Other fund raisers believe donors who make multimillion- or even billion-dollar gifts stay somewhat insulated from the economy’s ups and downs. “There’s obviously some effect because of 9/11 and the economy and the uncertainties that that generates,” says Van Zandt Williams, vice president for development at Princeton University, in New Jersey. But, he adds, the people capable of giving large gifts “are still quite approachable.”
Two gifts on the list were specifically motivated by the September 11 terrorist attacks.

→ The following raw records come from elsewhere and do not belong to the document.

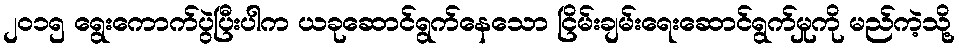
၂၀၁၅ ရွေးကောက်ပွဲပြီးပါက ယခုဆောင်ရွက်နေသော ငြိမ်းချမ်းရေးဆောင်ရွက်မှုကို မည်ကဲ့သို့
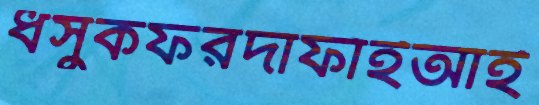
ধসুকফরদাফাঁইআই
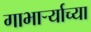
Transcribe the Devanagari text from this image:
गाभार्र्‍याच्या
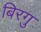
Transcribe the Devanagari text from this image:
बिरगु
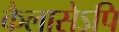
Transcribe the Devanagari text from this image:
कैलासेऽपि
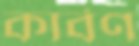
কার্বণ
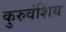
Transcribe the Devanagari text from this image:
कुरुवंशिय
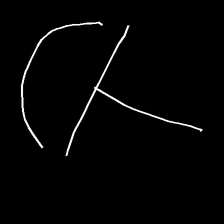
Glyph: dispersion
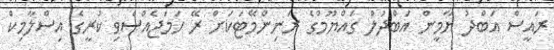
ރައީސް އަބްދު ޔާމީން އަބްދުލް ގައްޔޫމްގެ ރަނިންމޭޓަކަށް ރޭ ހަމަޖެއްސެވި ކުރީގެ އިސްލާމިކް
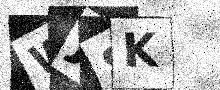
Text: WJ8K
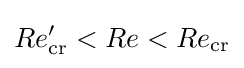
Re_{\mathrm {cr} }'<Re<Re_{\mathrm {cr} }
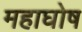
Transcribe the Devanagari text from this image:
महाघोष
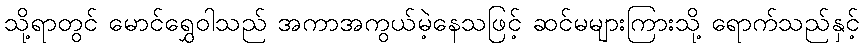
သို့ရာတွင် မောင်ရွှေဝါသည် အကာအကွယ်မဲ့နေသဖြင့် ဆင်မများကြားသို့ ရောက်သည်နှင့်
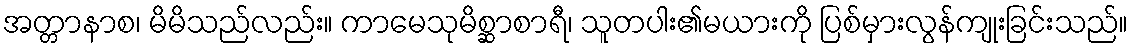
အတ္တာနာစ၊ မိမိသည်လည်း။ ကာမေသုမိစ္ဆာစာရီ၊ သူတပါး၏မယားကို ပြစ်မှားလွန်ကျုးခြင်းသည်။
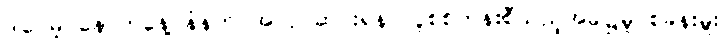
ဒါပေမဲ့ နောက်နေ့ နံနက် အလုပ်ဆင်းရန် လူစစ်တန်းစီသည့်အခါ၌မူ စခန်းမှူး
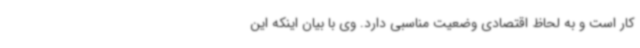
کار است و به لحاظ اقتصادی وضعیت مناسبی دارد. وی با بیان اینکه این
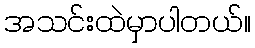
အသင်းထဲမှာပါတယ်။
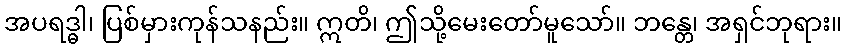
အပရဒ္ဓါ၊ ပြစ်မှားကုန်သနည်း။ ဣတိ၊ ဤသို့မေးတော်မူသော်။ ဘန္တေ၊ အရှင်ဘုရား။
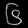
Digit: ၆
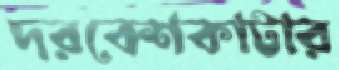
দরবেশকাটার
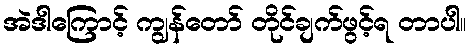
အဲဒါကြောင့် ကျွန်တော် တိုင်ချက်ဖွင့်ရ တာပါ။
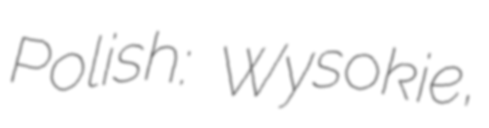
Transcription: Polish: Wysokie,
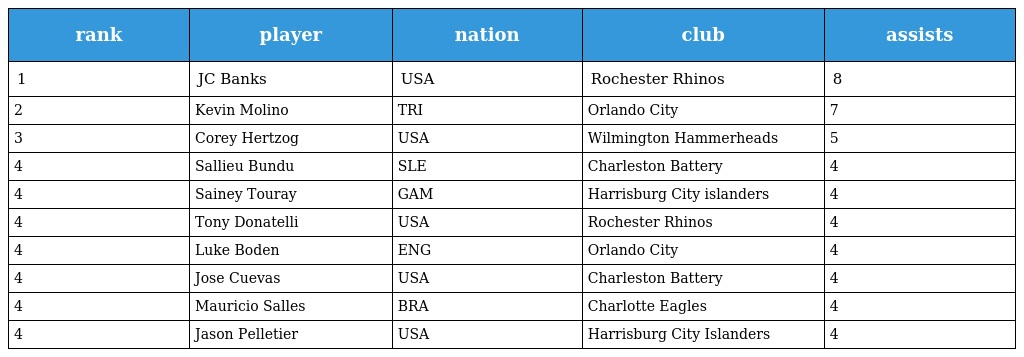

David and Cheryl Duffield contributed $1-million to the Families of Freedom Scholarship Fund, in St. Peter, Minn., which was created to provide education assistance for financially needy families of victims. Leon Levy, a retired general partner of a New York hedge fund and a trustee of Bard College, in Annandale-on-Hudson, N.Y., pledged and paid a total of $50-million to the college. His gift was the largest among all the trustees, who pledged a total of $120-million to the college to nearly double its endowment. The gifts were spurred by the events of September 11, and a determination not to let their commitment to the institution wane, said Leon Botstein, president of the college, in a written statement.
How the List Was Compiled
Donors are under no obligation to report the amount they provide to charities to the public, so the information for The Chronicle’s list was compiled from numerous sources. Many of the gifts were drawn from those that appeared in The Chronicle over the past year. Such gifts usually are reported by the organizations that received them.
The Chronicle’s list is not a comprehensive summary of all large donations made in 2001. For example, gifts do not appear if they were made anonymously. In addition, gifts that donors make from their family foundations generally are not counted to avoid including donations twice — when the donor gives money to a foundation and when he or she decides where it should go.